El problema es que todo esto deja a un PSOE dividido de un tajo de pies a cabeza, en una amplia grieta que alcanza a las bases, las cuales dudan entre la solvencia que tenía el partido para afrontar unas terceras elecciones, dejando a un PP con, o rozando la mayoría absoluta, o bien un apoyo al partido que tan mal ha tratado a la ciudadanía en las dos últimas legislaturas.

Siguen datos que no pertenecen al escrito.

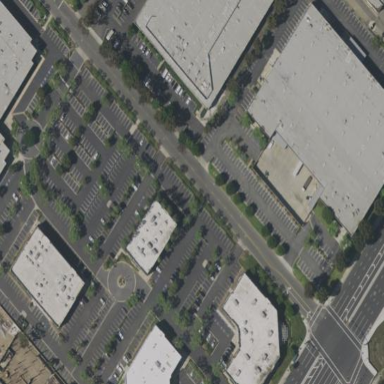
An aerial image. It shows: Commercial area.

Hasta ahora la perspectiva de unas nuevas elecciones en las que la izquierda se movilizase en masa daba una cierta esperanza incierta de formar una mayoría alternativa, e incluso de debilitar la amplia mayoría con que cuenta el PP en el Senado. No obstante, las acciones de la gestora y de su promotora andaluza han debilitado hasta tal punto al PSOE que será incapaz de oponerse a algunas decisiones importantes del nuevo gobierno, como la inmediata aprobación de los presupuestos, bajo la amenaza de una nueva convocatoria electoral con un partido decapitado, en bragas, y con el resto de partidos de izquierdas divididos también entre la ardorosa combatividad de Pablo Iglesias y su nuevo acólito, Alberto Garzón, y la tacticista templanza de Íñigo Errejón, frente a la monolítica formación conservadora.
Como otros líderes antes que él, Pedro Sánchez no retrocede ahora para rendirse y perderse en el olvido, sino para recorrer pueblos y aldeas reclutando sangre nueva con la que afrontar la lucha por el liderazgo del partido y, finalmente, volver a intentar el asalto a la Moncloa.
¿No os parece estar viviendo dentro de un libro de Historia?